C’est donc bien sa méthode et son pragmatisme qui ont récemment conduit le Président Ali Bongo à renouveler dans ses responsabilités, en décembre 2019, Julien Nkoghé Békalé. Confronté à de lourdes désillusions quant à la loyauté et à l’intégrité de certains de ses proches, en qui il avait placé sa confiance, comme l’a montré le feuilleton judiciaire automnal qui a affecté son ancien directeur de Cabinet, Brice Laccruche Alihanga, le Président du Gabon a pu mesurer, à l’inverse, l’investissement personnel et désintéressé de son Premier ministre dans la gestion des affaires publiques.
Colbert plutôt que Fouquet !
Car ce n’est pas pour se servir, mais bien pour servir, que l’ancien magistrat a accepté cette responsabilité.

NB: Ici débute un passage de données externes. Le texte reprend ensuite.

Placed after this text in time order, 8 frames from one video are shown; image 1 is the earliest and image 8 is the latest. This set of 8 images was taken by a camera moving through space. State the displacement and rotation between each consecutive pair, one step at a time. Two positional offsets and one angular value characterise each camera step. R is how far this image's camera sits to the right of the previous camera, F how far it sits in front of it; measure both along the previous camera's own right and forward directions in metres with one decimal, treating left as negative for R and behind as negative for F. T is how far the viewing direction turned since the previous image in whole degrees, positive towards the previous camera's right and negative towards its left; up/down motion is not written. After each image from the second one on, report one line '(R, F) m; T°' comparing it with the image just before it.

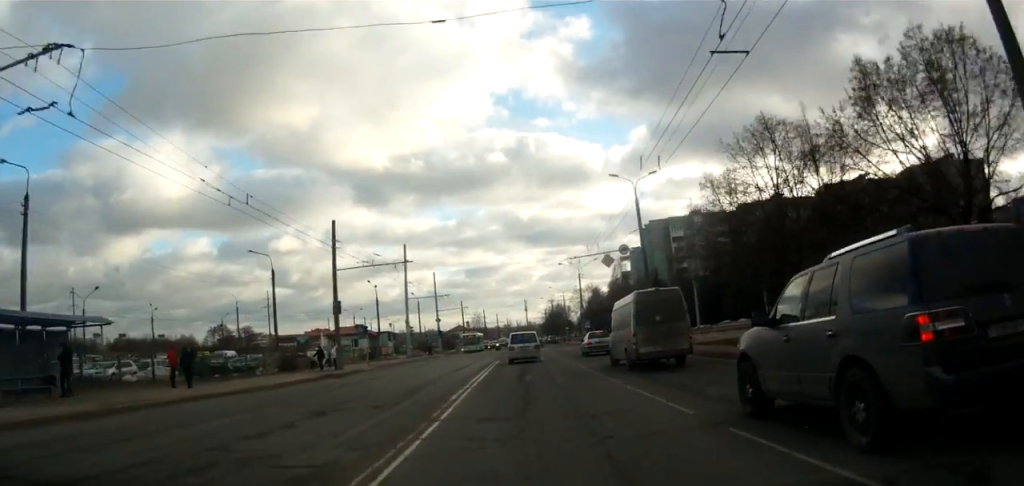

Premier ministre, il l’est pour mettre en œuvre et faire réussir l’action impulsée par le Président, et non pour se faire valoir lui-même. La seule préoccupation qui est la sienne est qu’on le juge aux résultats, et qu’on le laisse travailler. L’ambition de Julien Nkoghé Békalé n’est donc pas personnelle, elle n’est pas de faire des éclats pour lui-même, mais d’agir au quotidien pour le Président et pour le Gabon. Il n’est pas là pour battre l’estrade, mais pour être le chef d’orchestre précis et pointilleux, celui qui met en musique la partition politique pour laquelle Ali Bongo a été élu, et que ce deuxième mandat doit permettre de traduire dans les faits.
Comme Louis XIV écartant le fuligineux et onéreux Fouquet, pour confier la prospérité de la France au plus modeste Colbert, Ali Bongo a fait le tri entre ceux qui avaient mission de le seconder à la tête du Gabon. C’est à la gestion rationnelle et pragmatique de Colbert que la France dut ses premières manufactures, et la croissance économique équilibrée qui en fit, au dix-septième siècle, le premier royaume européen. Nul doute qu’en choisissant son Colbert, le Président gabonais a fait le bon choix, et c’est de bon augure pour le Gabon.